The work undertaken so far has focused around our three core research challenges: interaction techniques for confined spaces, social acceptability, and motion sickness.
Interaction in confined spaces
We focused on understanding the design space of the different passenger environments, including cars, aeroplanes, buses and trains. As a first attempt to understand this, we simulated a VR passenger airplane environment to evaluate three different AR-driven virtual display configurations (Horizontal, Vertical, and Focus), exploring their usability, user preferences, and the underlying factors that influenced those preferences. We found that the perception of invading other's personal space significantly influenced preferred layouts in transit contexts. We found that the placement of virtual content was highly influenced by the physical environment, depending on the position of both passengers and physical obstacles. Results from our experiment showed: significant usage of the physical environment to align displays; strong social effects meant avoiding placing displays over other passengers or their belongings; and use of displays for shielding oneself from others. Our findings show the unique challenges posed by the mode of transport and presence of others on the use of AR for mobile productivity in the future.
Social acceptability:
XR headsets have the capability to create virtual content anywhere around the user, disconnecting users from their surroundings. To create solutions for more socially acceptable VR experiences, we first needed to understand what factors and concerns influence social acceptance of VR in different travelling contexts. We found that VR on shorter journeys was less socially acceptable because participants felt that there was insufficient time to enjoy the VR experiences and it was important to follow the route more closely, compared to longer journeys that had a clear final stop, allowing the user to immerse themselves in VR. We also found that accidentally injuring someone, losing one’s belongings or being unable to react if fellow passengers require attention were key barriers to VR adoption.

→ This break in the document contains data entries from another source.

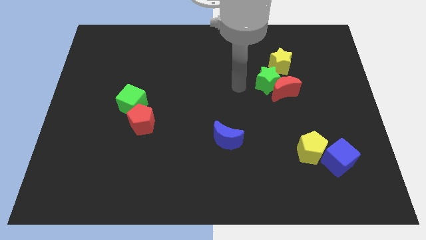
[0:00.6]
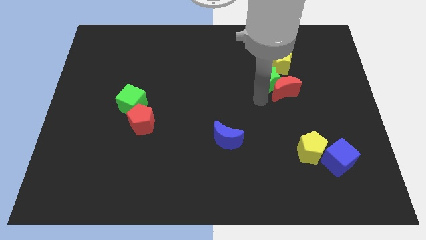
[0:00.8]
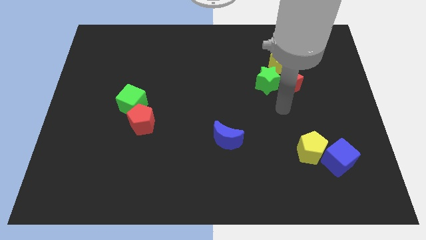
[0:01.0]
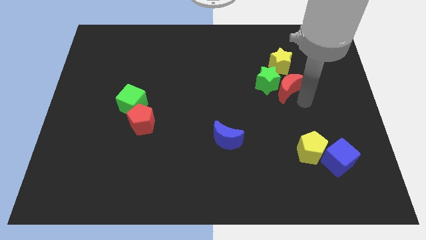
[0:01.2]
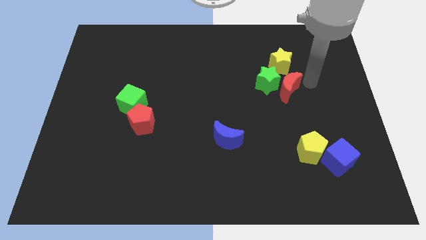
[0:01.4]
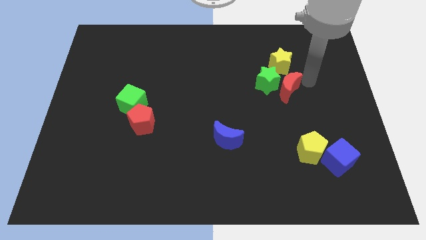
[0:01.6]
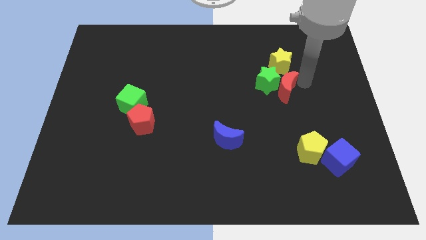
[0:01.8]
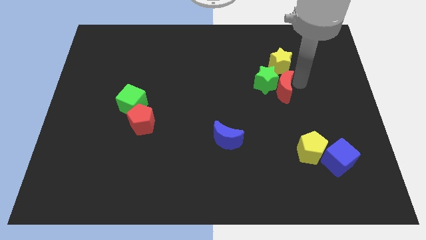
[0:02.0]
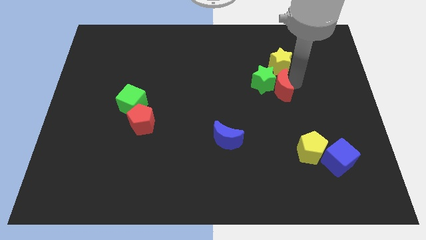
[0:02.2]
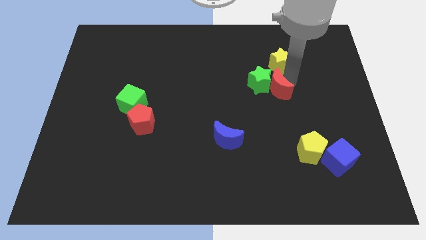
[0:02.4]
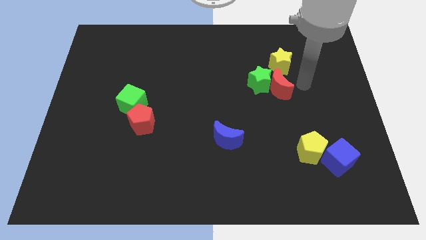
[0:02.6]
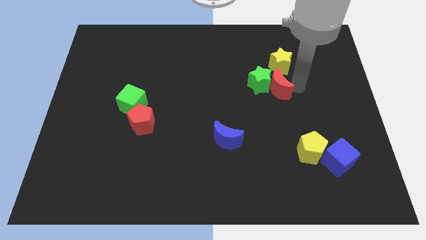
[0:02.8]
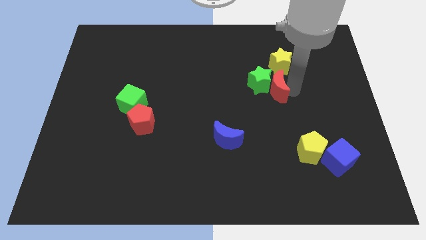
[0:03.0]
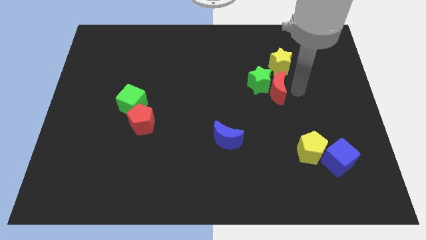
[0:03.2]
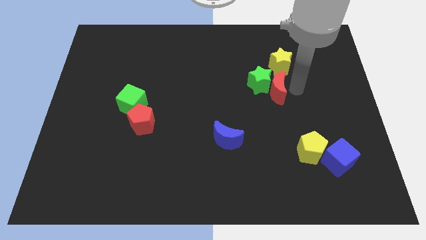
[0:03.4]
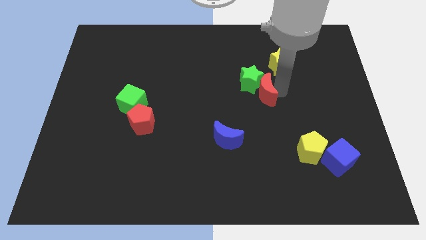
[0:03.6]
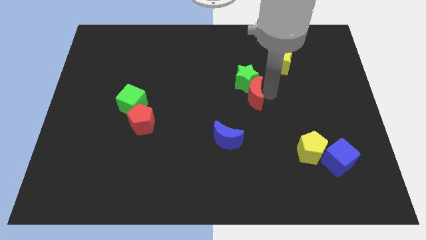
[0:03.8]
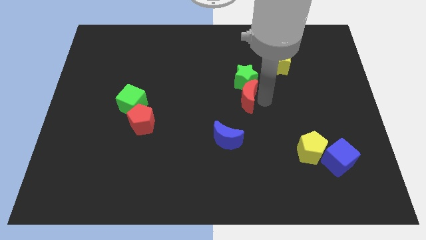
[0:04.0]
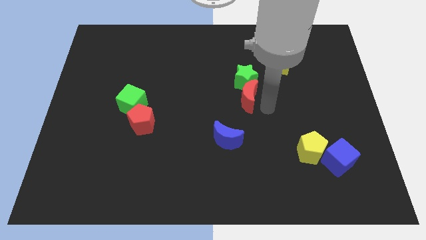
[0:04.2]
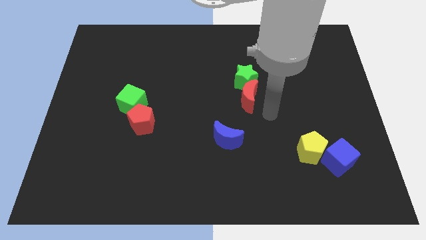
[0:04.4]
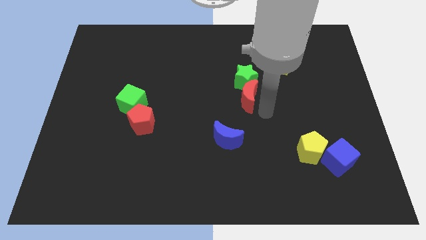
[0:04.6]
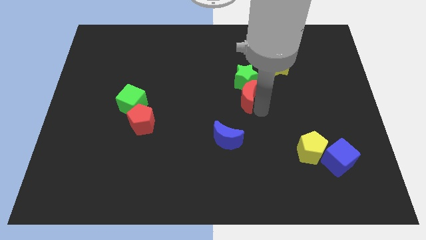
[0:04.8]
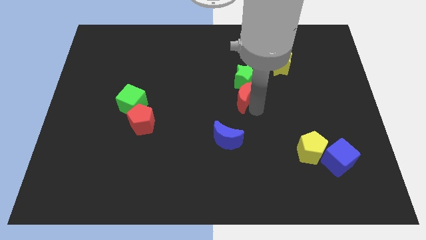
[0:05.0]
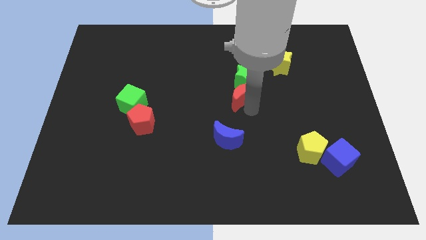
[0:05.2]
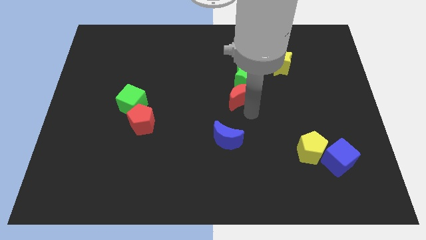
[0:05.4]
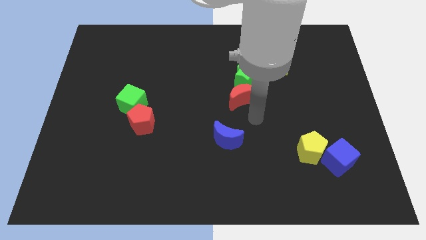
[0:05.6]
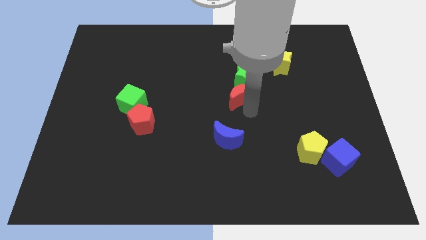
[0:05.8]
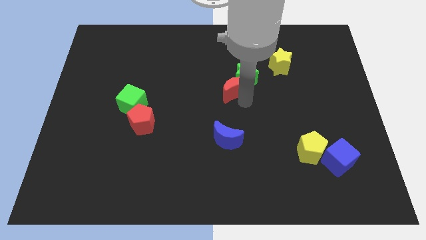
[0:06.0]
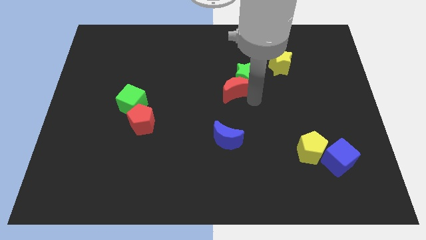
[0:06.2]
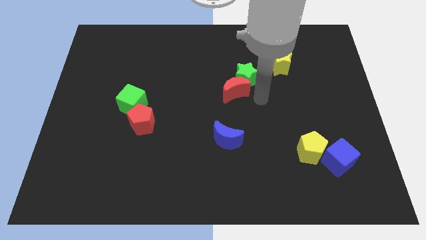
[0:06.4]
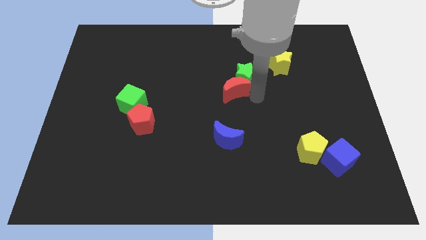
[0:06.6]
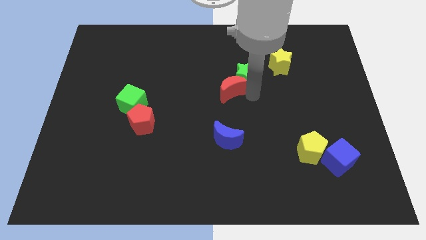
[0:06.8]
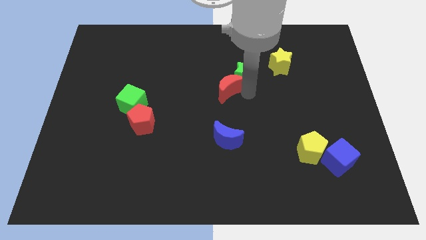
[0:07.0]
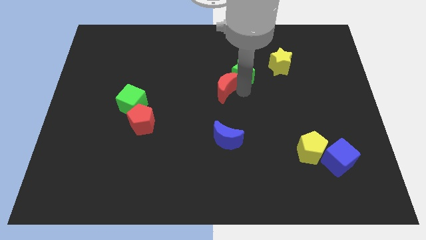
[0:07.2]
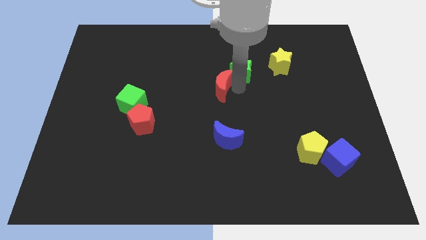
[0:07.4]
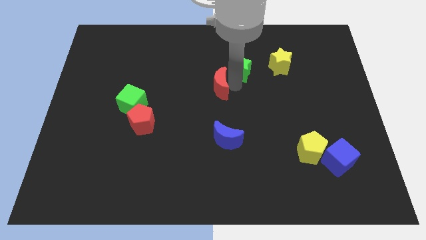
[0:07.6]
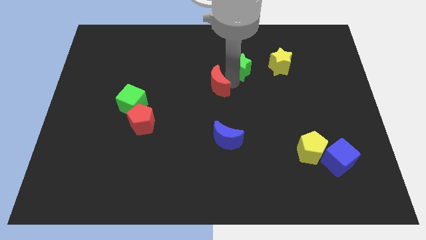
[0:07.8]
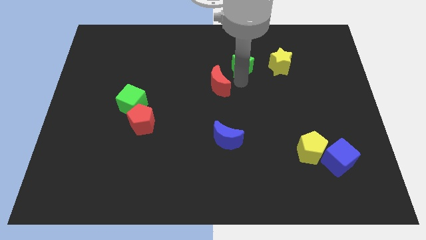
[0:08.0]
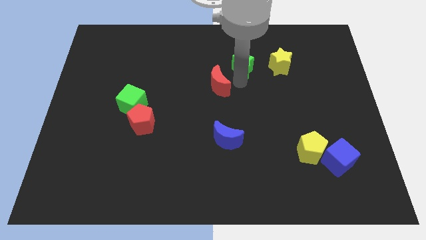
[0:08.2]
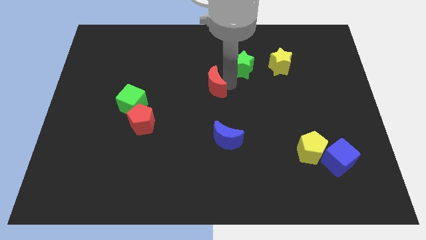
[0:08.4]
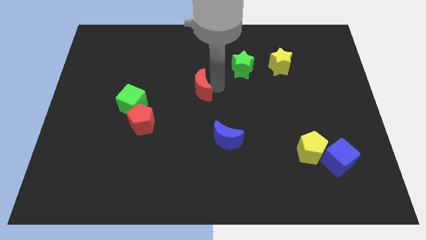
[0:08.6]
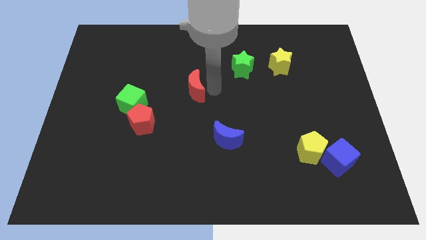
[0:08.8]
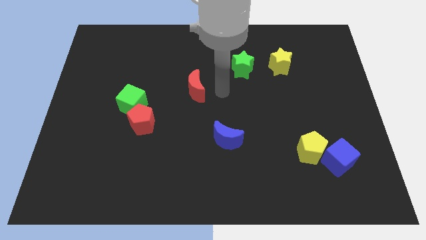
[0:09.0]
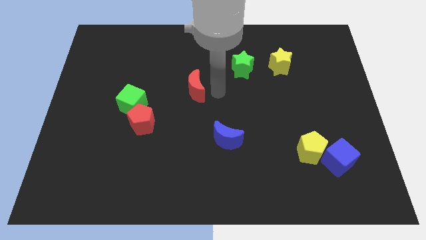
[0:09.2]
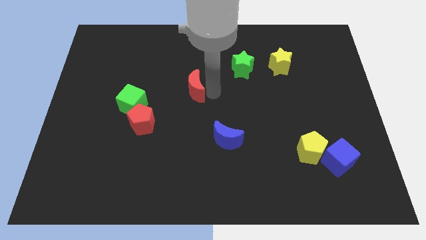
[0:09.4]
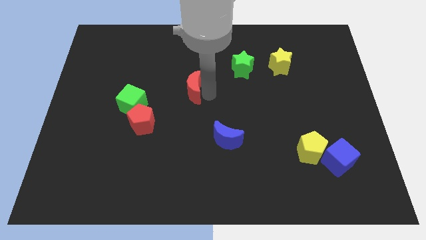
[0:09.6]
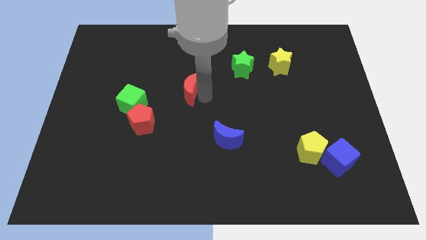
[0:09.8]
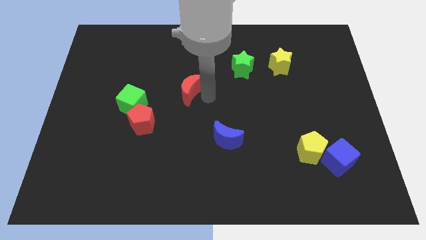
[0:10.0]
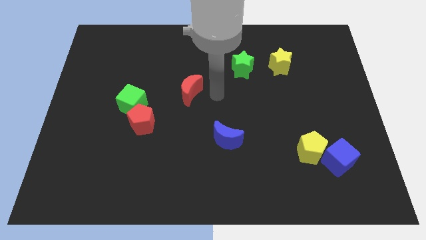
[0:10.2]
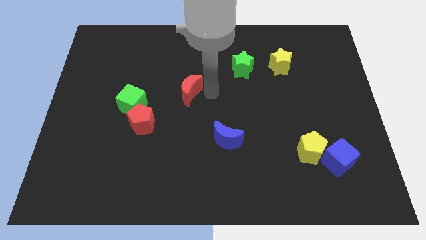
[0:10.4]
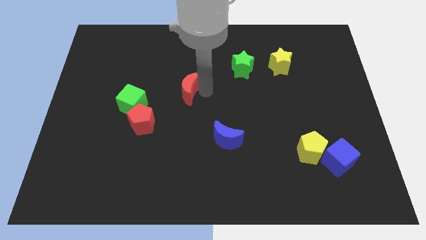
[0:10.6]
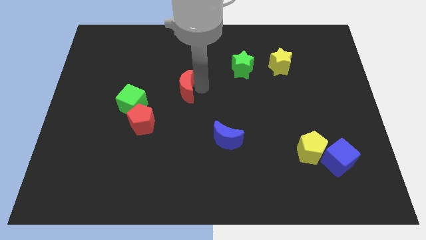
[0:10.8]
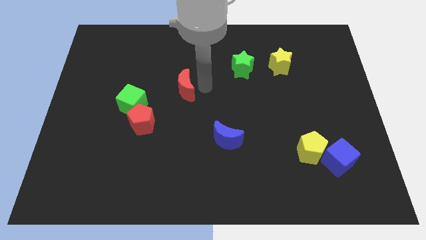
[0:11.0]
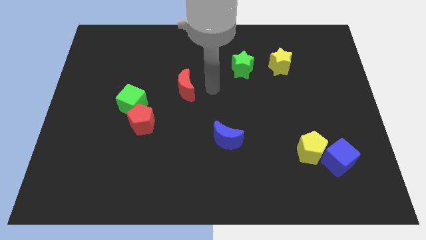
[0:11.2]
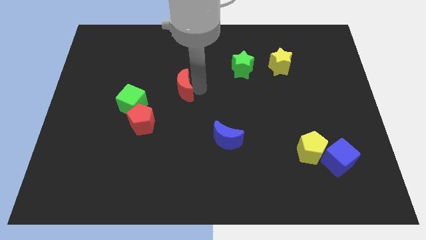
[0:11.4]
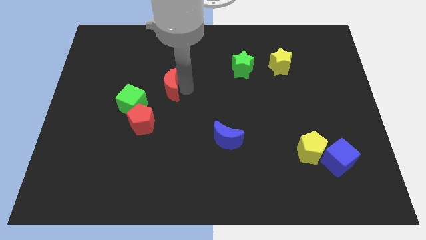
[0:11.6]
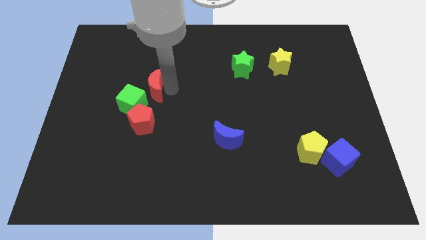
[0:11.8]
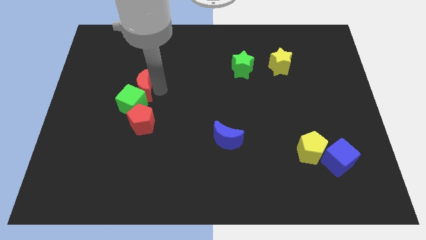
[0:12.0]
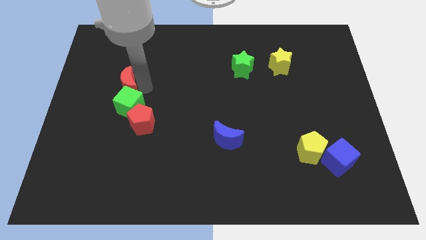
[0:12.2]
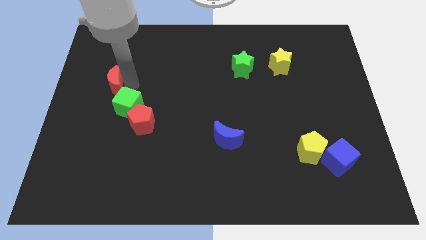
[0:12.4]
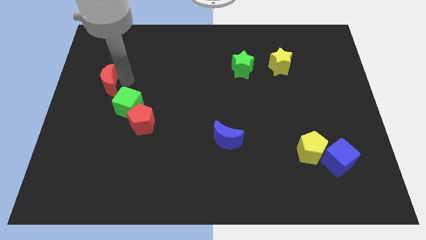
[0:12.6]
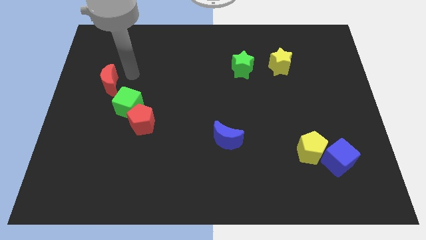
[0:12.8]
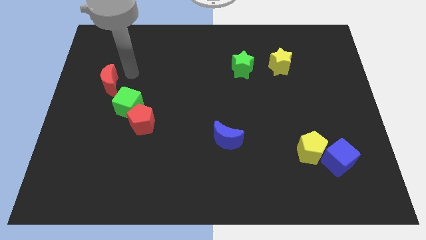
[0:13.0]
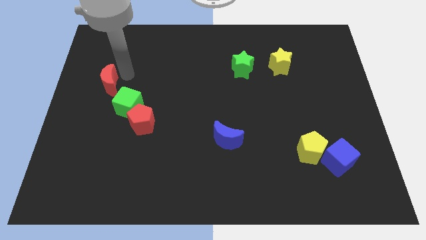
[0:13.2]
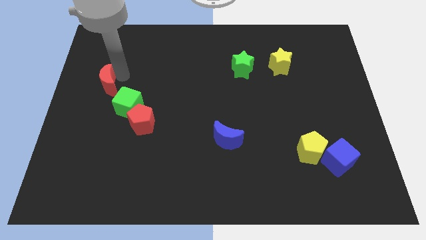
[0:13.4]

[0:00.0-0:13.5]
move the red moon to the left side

We established that the lack of awareness of immediate objects, one's belongings and other passengers were seen as major safety and comfort concerns for VR use in transit. Therefore, our following work investigated how the visibility of these objects could influence user experience and social acceptance of VR. We designed a user study that brought these elements into Virtual Reality, testing our users’ reactions. We found that other passengers were the most important cue from reality that participants wanted to see, whilst inanimate objects were of less interest. This work sets initial guidelines for more acceptable VR experiences.
Motion sickness
Mitigating motion sickness using neurostimulation is a new era of the in-car use of VR, because it focuses on the enhancement or inhibition of human brain functions themselves without any requirement of sophisticated VR software development. We have a 3-step research plan for our neurostimulation study. Step 1 is to explore the brain biomarkers of VR motion sickness. Step 2 is to implement neurostimulation based on the discovered brain biomarkers, which will be followed by Step 3, an in-car study that aims to verify the developed neurostimulation approach. We have completed steps 1 and 2 and step 3 will begin shortly. For step 1, we confirmed that the left parietal region of our brain is associated with VR motion sickness by using conventional functional segregation methods. On top of this, we found a new brain biomarker (that is, frontoparietal coherence) that is associated with VR motion sickness. This finding not only confirms the involvement of the newly proposed human vestibular network in VR motion sickness but also lays the foundation of the implementation of transcranial alternating current stimulation (tACS), featuring simultaneously modulating multiple regions' brain states. We also found that VR motion sickness impaired cognitive control ability represented by the degree of attentional engagement. Step 2 is now complete. We found that the number of participants who withdrew from the experiments in the non-tACS group (that is, the control group) was three times that of the tACS group.